Working data ▸
------
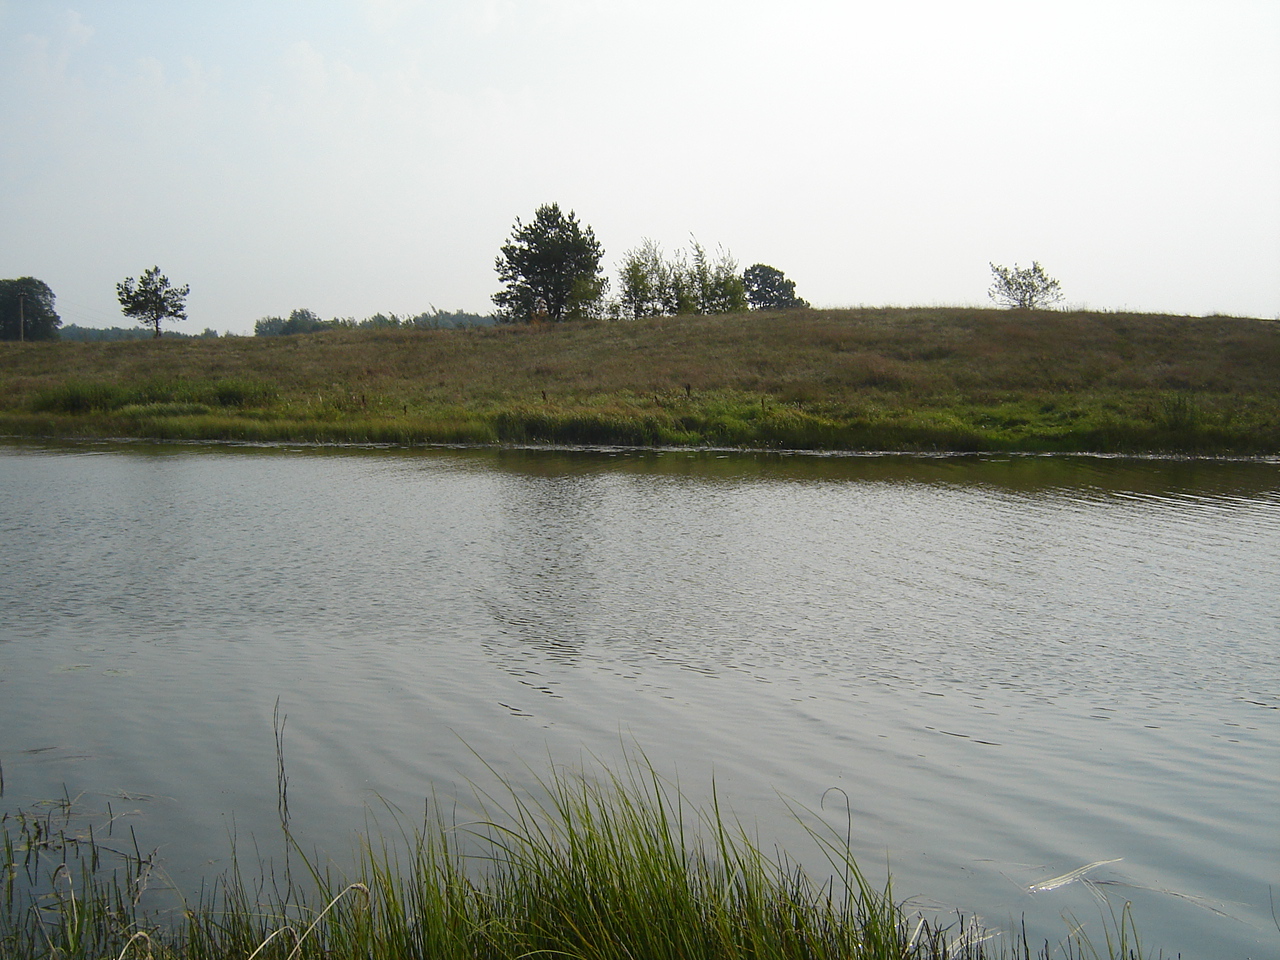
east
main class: Grassland
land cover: Spontaneously vegetated surfaces
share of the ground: > 75 %
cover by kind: herbaceous plants 100 %
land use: Semi-natural and natural areas not in use
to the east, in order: Inland fresh water bodies; Spontaneously vegetated surfaces; Grassland without tree/shrub cover; Tracks; Broadleaved woodland; Spontaneously vegetated surfaces; Inland fresh water bodies; Spontaneously vegetated surfaces; Grassland without tree/shrub cover; Electric lines; Grassland without tree/shrub cover; Fences; Lines of trees; Grassland without tree/shrub cover; Apple fruit; Potatoes
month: September
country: LT
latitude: 54.5462
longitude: 25.1601
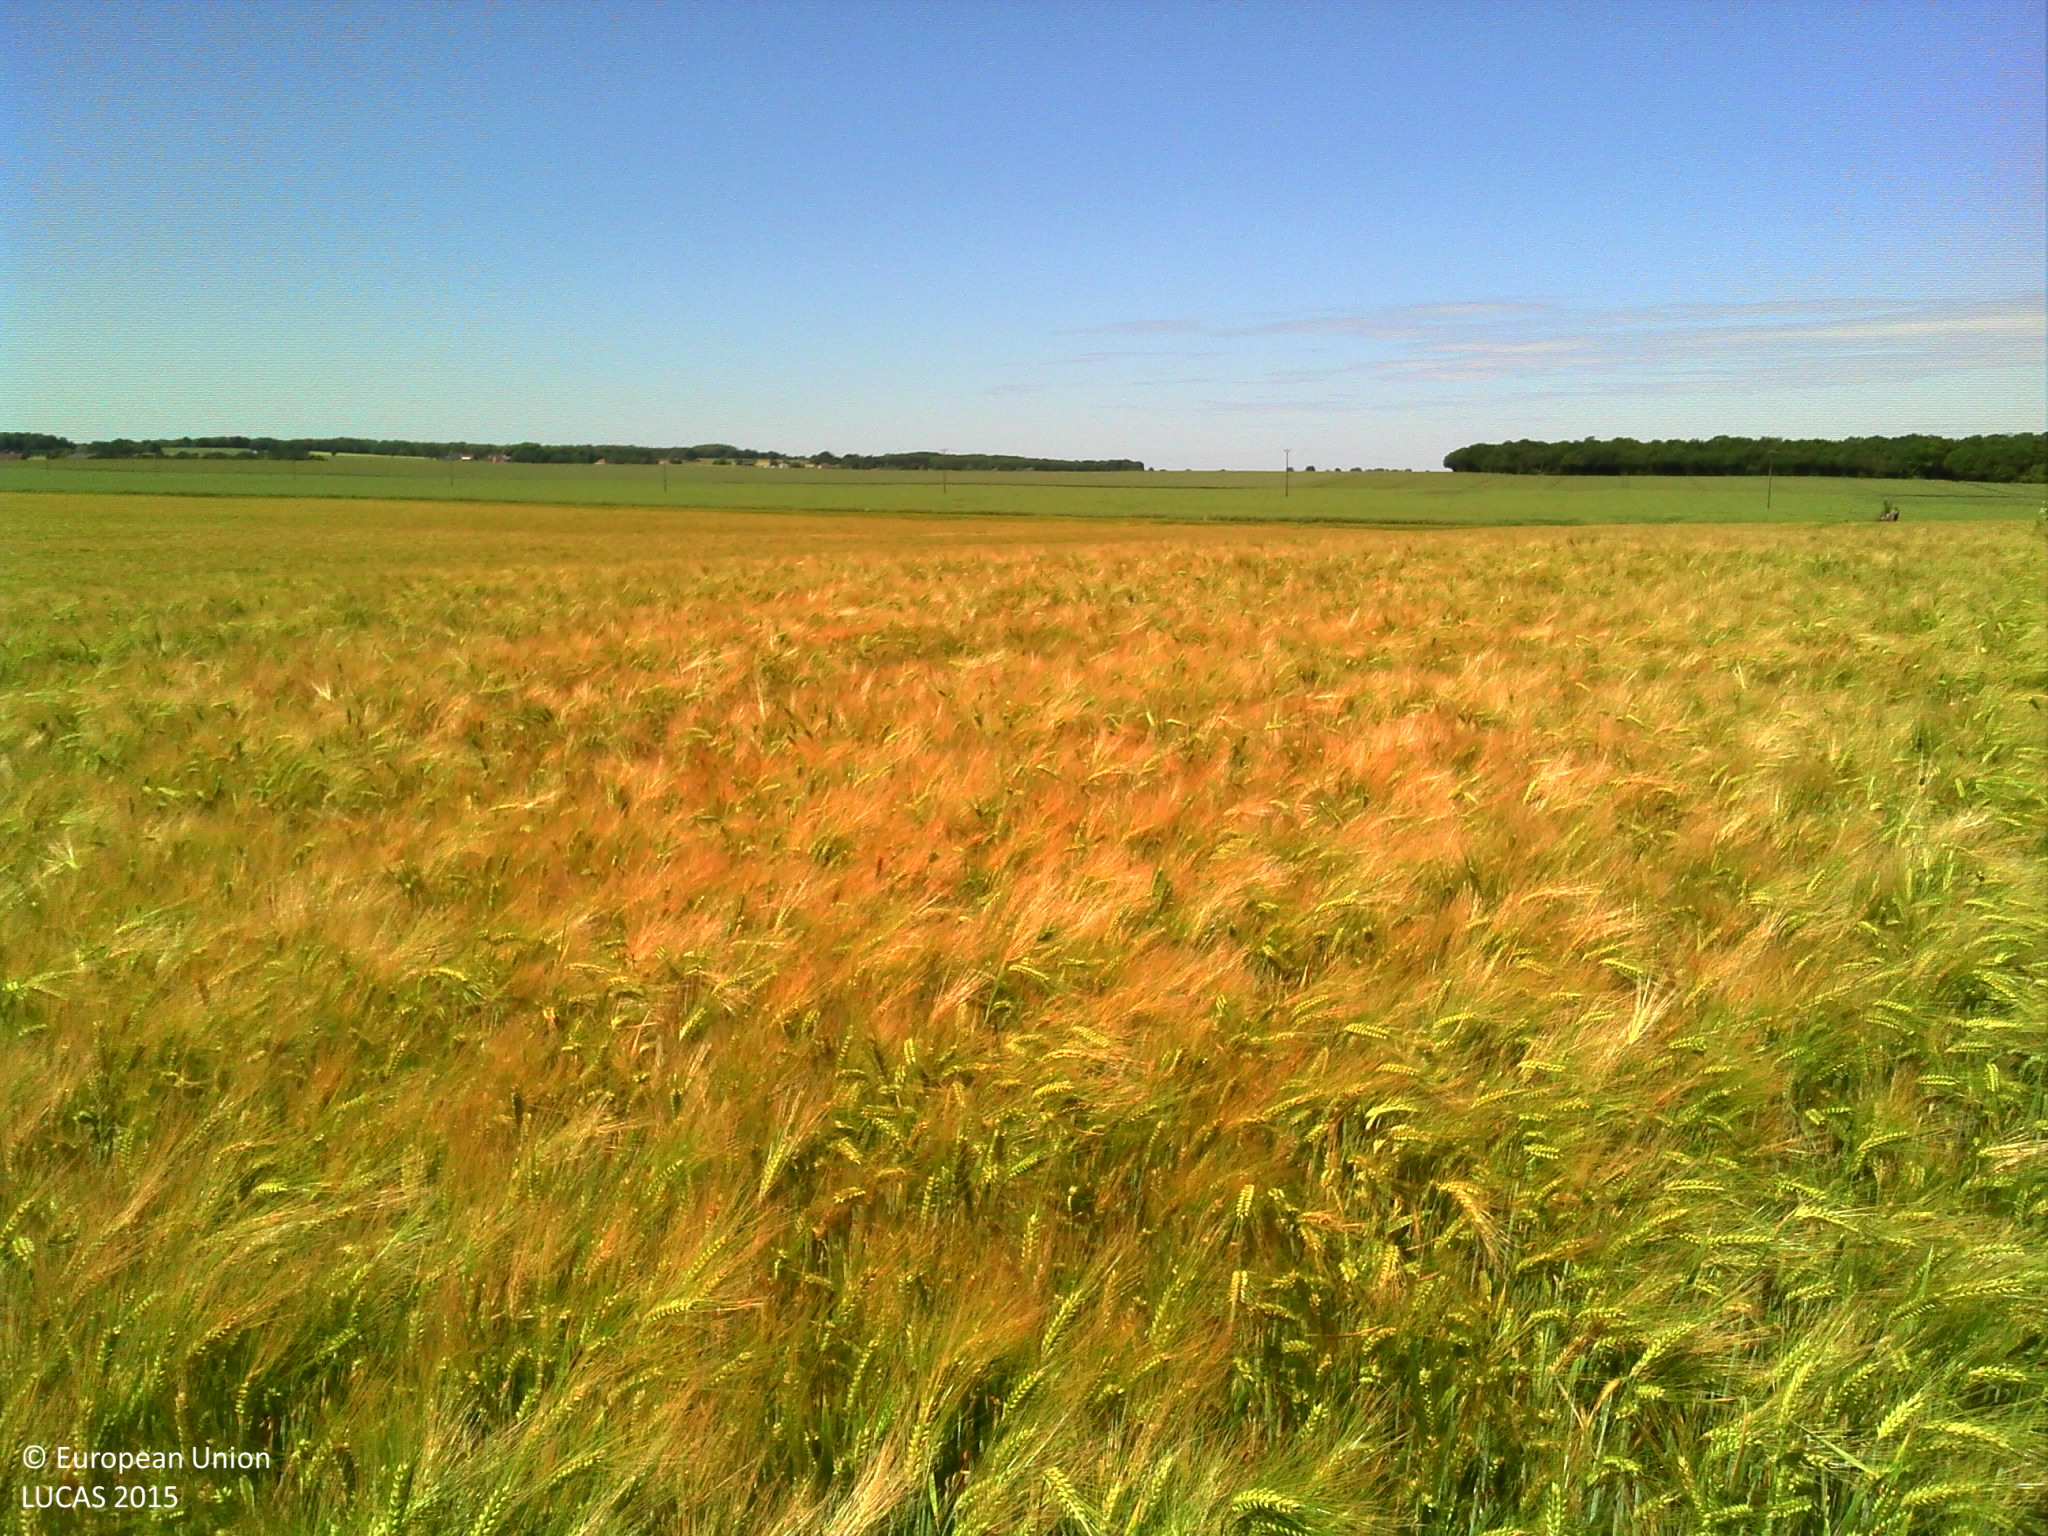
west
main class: Cropland
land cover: Barley
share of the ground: > 75 %
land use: Agriculture (excluding fallow land and kitchen gardens)
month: June
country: FR
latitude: 47.0567
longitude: 2.9256
------
Task requirements ▸
Each record should be printed exactly as it appears, leaving the pictures out.

Solution to this task ▸
east
main class: Grassland
land cover: Spontaneously vegetated surfaces
share of the ground: > 75 %
cover by kind: herbaceous plants 100 %
land use: Semi-natural and natural areas not in use
to the east, in order: Inland fresh water bodies; Spontaneously vegetated surfaces; Grassland without tree/shrub cover; Tracks; Broadleaved woodland; Spontaneously vegetated surfaces; Inland fresh water bodies; Spontaneously vegetated surfaces; Grassland without tree/shrub cover; Electric lines; Grassland without tree/shrub cover; Fences; Lines of trees; Grassland without tree/shrub cover; Apple fruit; Potatoes
month: September
country: LT
latitude: 54.5462
longitude: 25.1601
west
main class: Cropland
land cover: Barley
share of the ground: > 75 %
land use: Agriculture (excluding fallow land and kitchen gardens)
month: June
country: FR
latitude: 47.0567
longitude: 2.9256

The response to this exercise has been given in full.